The house burst upon her view. It was a rectangular building after a design by Adam, not very large but beautifully proportioned. It was two stories high. The front of the house (which Barbara was looking at) had a door in the middle and three windows on each side (this was on the ground floor, of course); above were seven windows, tall and unornamented. The door was so high that it looked narrow, and three broad, flat steps led up to the porticoed doorstep. As Barbara emerged from the tunnel, the roof came into view; it was flat, ornamented by a plain cornice of Roman Tuscan molding, which was supported by flat pillars between the windows. Above the cornice, from the hidden roof, rose squat chimney stacks (one at each end of the house) with their rows of blackened pots.

Barbara opened her heart to the house then and there—she liked the bold, simple lines, she liked the dignity of its design; her eyes, tired of the fussy meanness of modern architecture, the red roofs, the steeply sloping gables, the Jerry-built brick disguised by whitewash, rested gratefully upon the plain façade of The Archway House.
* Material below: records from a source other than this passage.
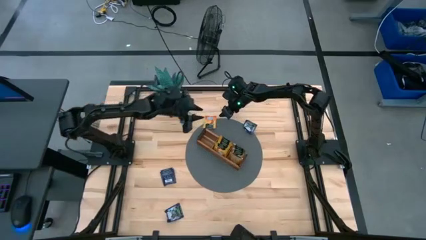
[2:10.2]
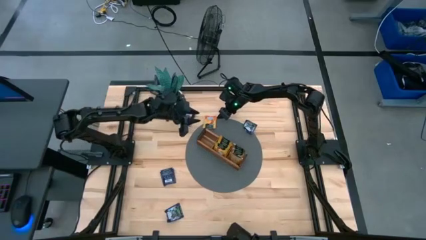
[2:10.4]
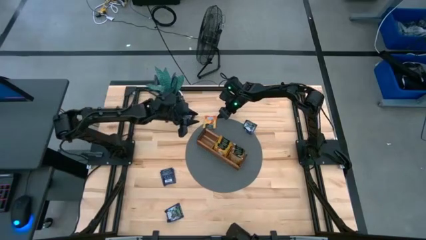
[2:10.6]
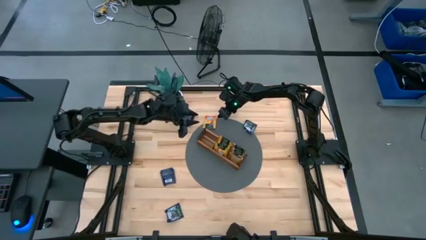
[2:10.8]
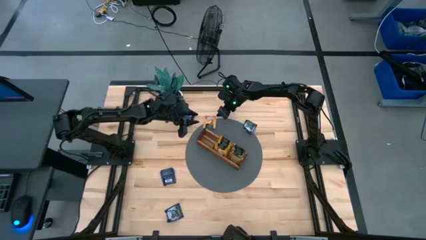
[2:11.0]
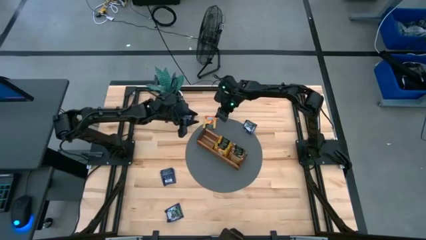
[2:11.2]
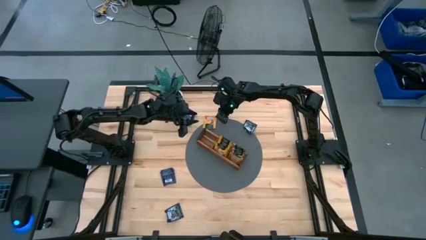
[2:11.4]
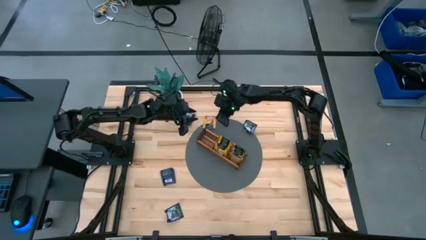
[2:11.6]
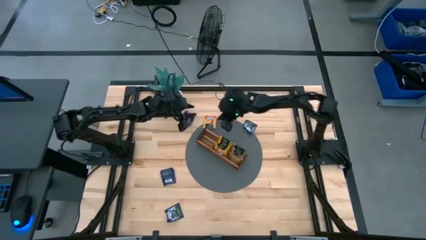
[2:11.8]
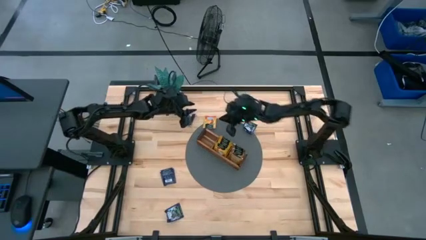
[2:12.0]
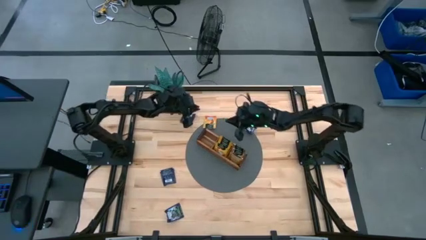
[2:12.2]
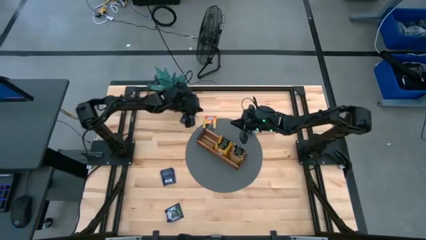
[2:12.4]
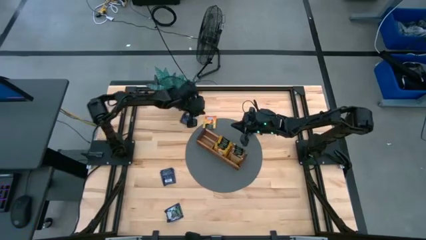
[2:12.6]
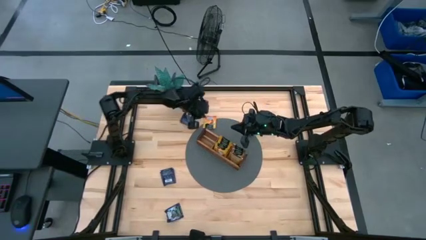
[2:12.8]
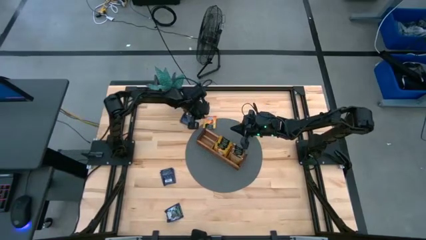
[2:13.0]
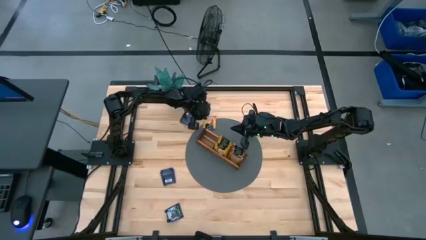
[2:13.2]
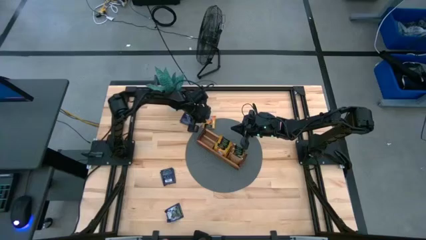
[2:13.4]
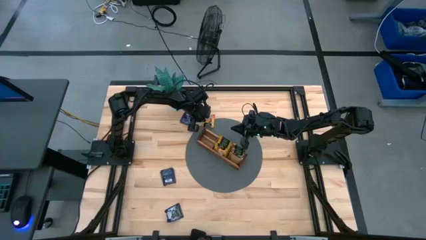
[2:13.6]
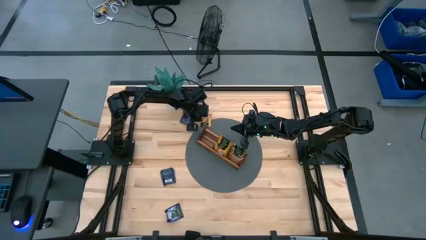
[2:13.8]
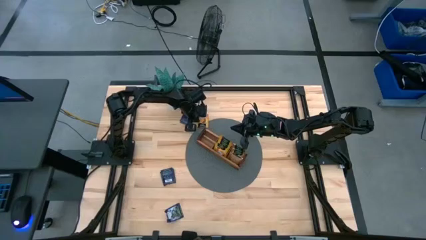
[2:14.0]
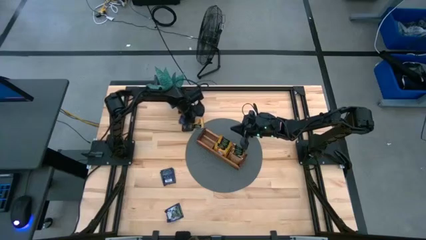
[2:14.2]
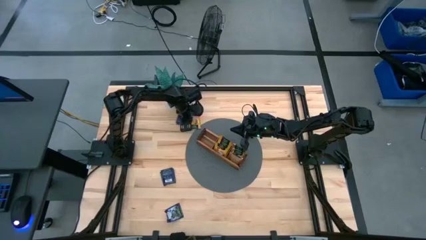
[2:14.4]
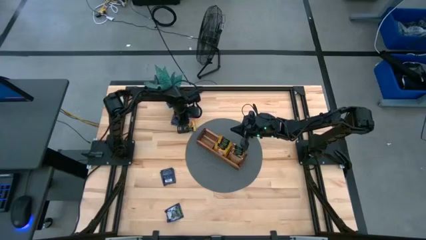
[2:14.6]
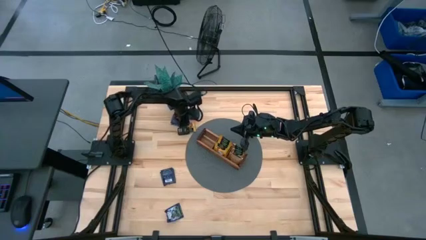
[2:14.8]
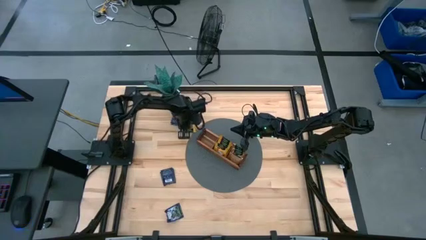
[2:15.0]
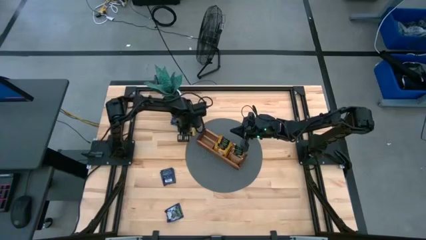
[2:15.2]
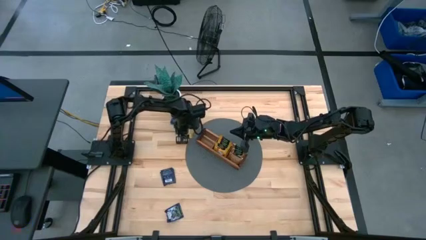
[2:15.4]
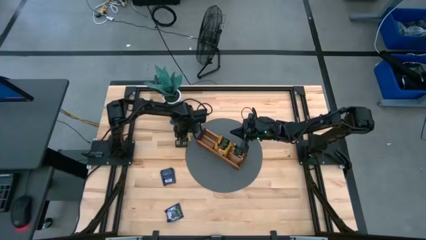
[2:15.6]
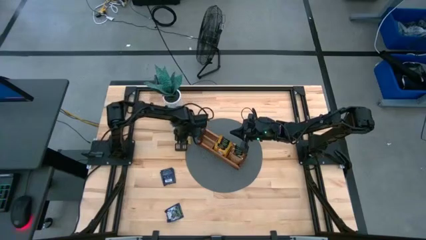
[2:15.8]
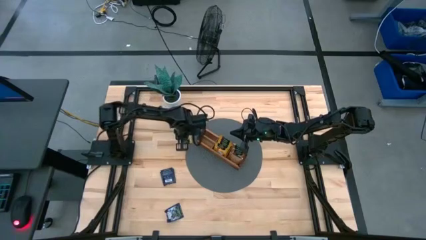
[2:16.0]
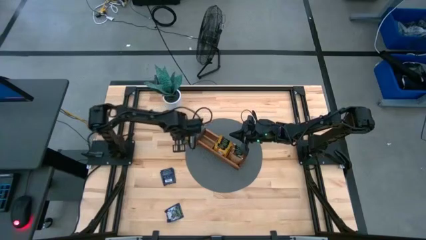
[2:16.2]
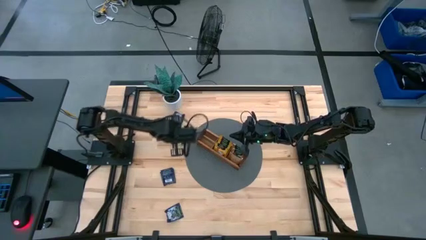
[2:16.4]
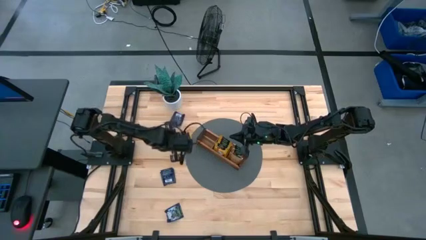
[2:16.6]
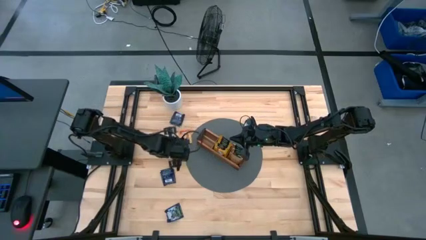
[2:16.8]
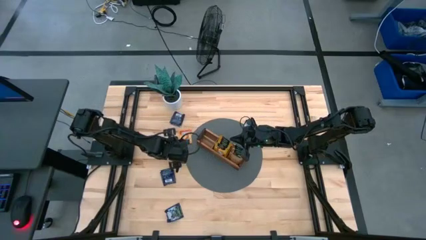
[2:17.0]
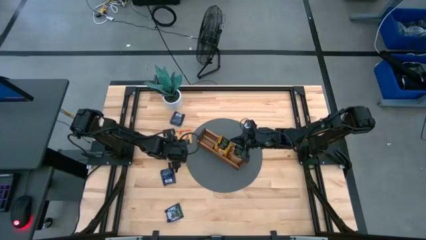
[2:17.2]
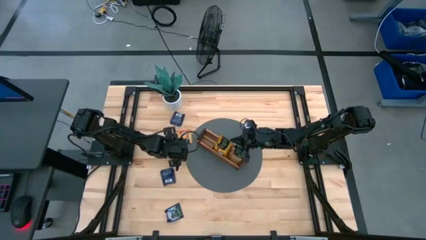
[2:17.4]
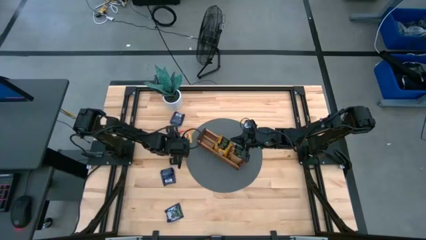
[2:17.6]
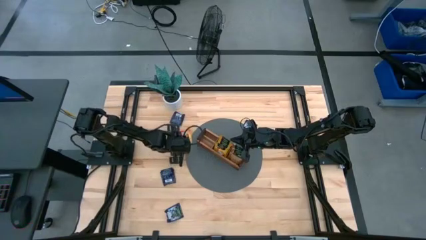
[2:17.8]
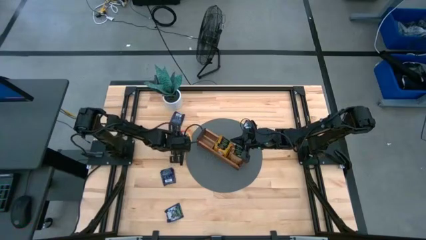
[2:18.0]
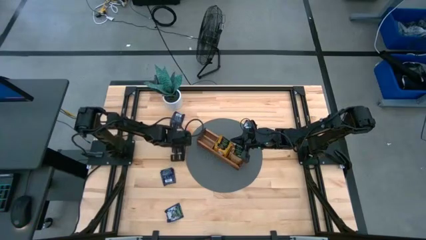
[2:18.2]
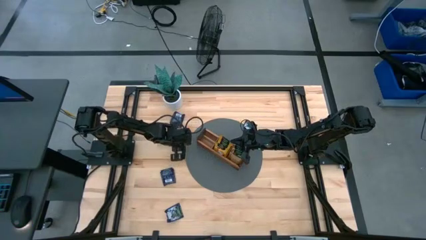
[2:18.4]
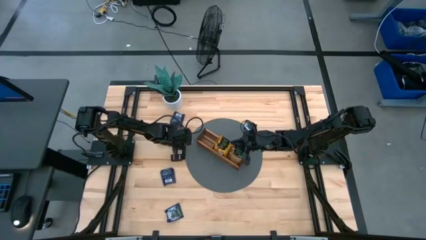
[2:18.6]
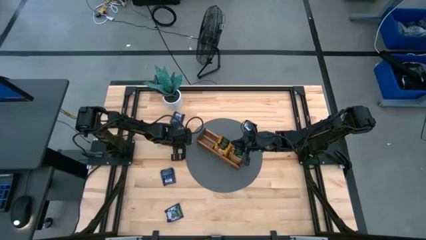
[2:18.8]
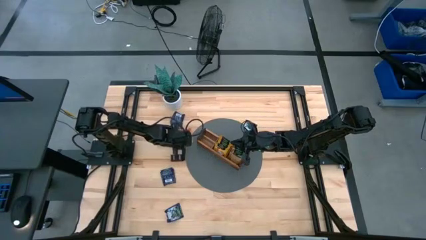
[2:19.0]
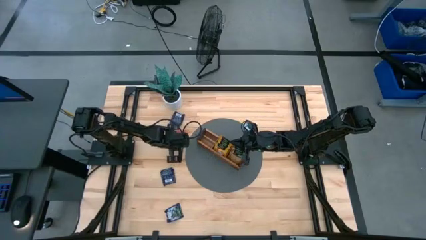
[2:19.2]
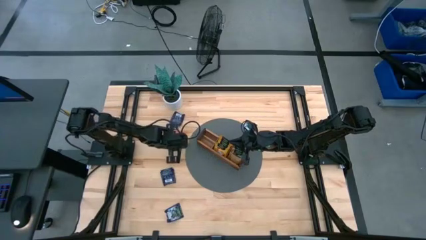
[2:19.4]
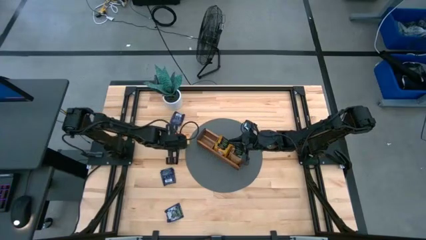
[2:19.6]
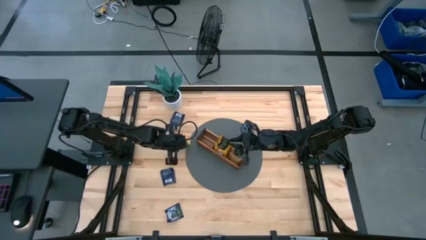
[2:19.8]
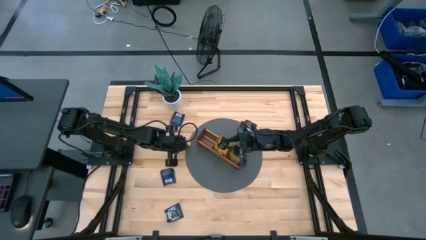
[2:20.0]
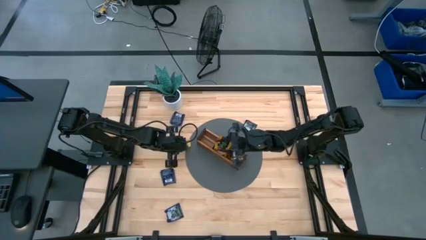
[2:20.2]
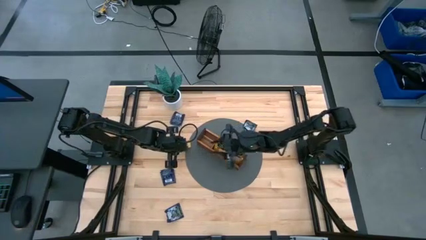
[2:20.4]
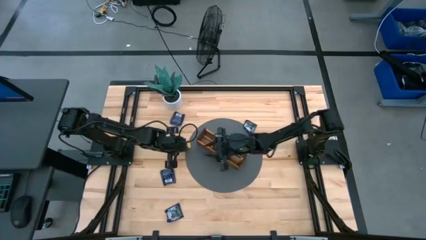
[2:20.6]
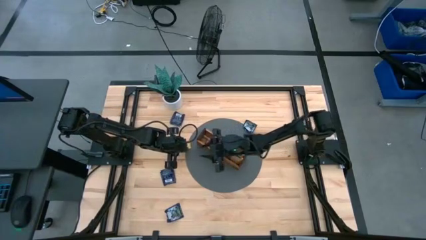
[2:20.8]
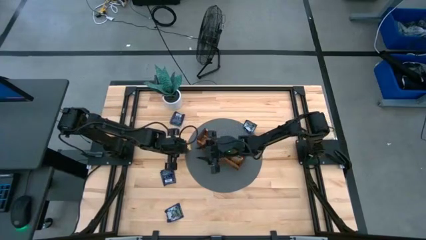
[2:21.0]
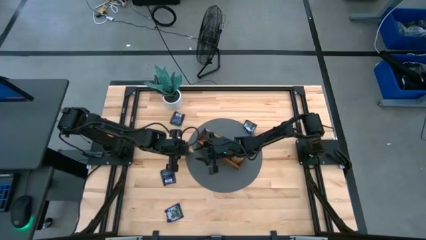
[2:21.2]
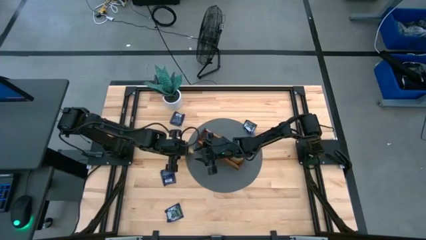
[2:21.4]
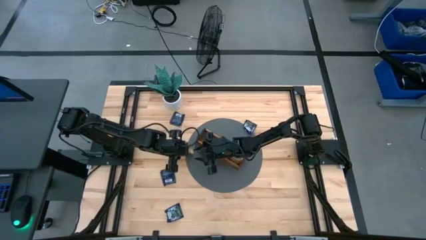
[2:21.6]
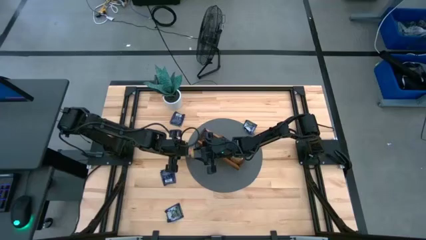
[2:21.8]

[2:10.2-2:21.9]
Task: Pick & Place Tea
Put the orange tea bag into the middle section of the wooden organizer

Here was a sturdy rectangular building of solid stone, a building with no nonsense about it. The house sat firmly upon the ground, it was surrounded by green lawns and shady trees, the sunshine streamed upon it like a benediction. It was almost her vision—almost the house that Arthur's words and gesture had conjured up before her eyes—and, even as Barbara looked at The Archway House, the vision faded, and the real house took its place.

Mr. Pinthorpe fitted a key in the lock and opened the door. He hurried in and began to open the shutters and pull up the blinds. Barbara thought that the house seemed to welcome the sun, it had been empty and darkened for so long; and the sun seemed glad to be welcomed back, it streamed in through the tall windows onto the bare floors, it explored the walls from which the faded paper hung down in curling strips. The dust floated in the air, it eddied and swirled as Mr. Pinthorpe strode about, so that the whole place seemed full of golden smoke.

The hall was square, with white pillars, very slim and tall; a winding stair with a graceful wrought-iron balustrade curled upward to the bedroom floor. On Barbara's right was the drawing-room, beautifully proportioned, with a carved mantel-piece of Adam's design. On her left was the dining-room, with three tall windows looking on to the drive. Before her a green baize door led to the kitchen premises at the back.

From the very first the lofty ceilings pleased Barbara (it was “nice and airy”), and she liked the giraffe-high windows which let in quantities of light. She could see, in her mind's eye, long curtains hanging from the pelmets in gracious folds; they must be velvet, she thought, soft and warm, and richly colored. There was little doubt in Barbara's mind now, it was the house she had been looking for—her house and Arthur's. The dirt of the place, the neglect, the desolation of torn wallpapers and rotted blinds, the red rust on the door handles and fireplaces and balustrade left her undaunted. These were things that could be put right, mere details, and, as such, of no account. Barbara saw the house as it would be when these trivial matters had been attended to, she saw the house as she was going to make it.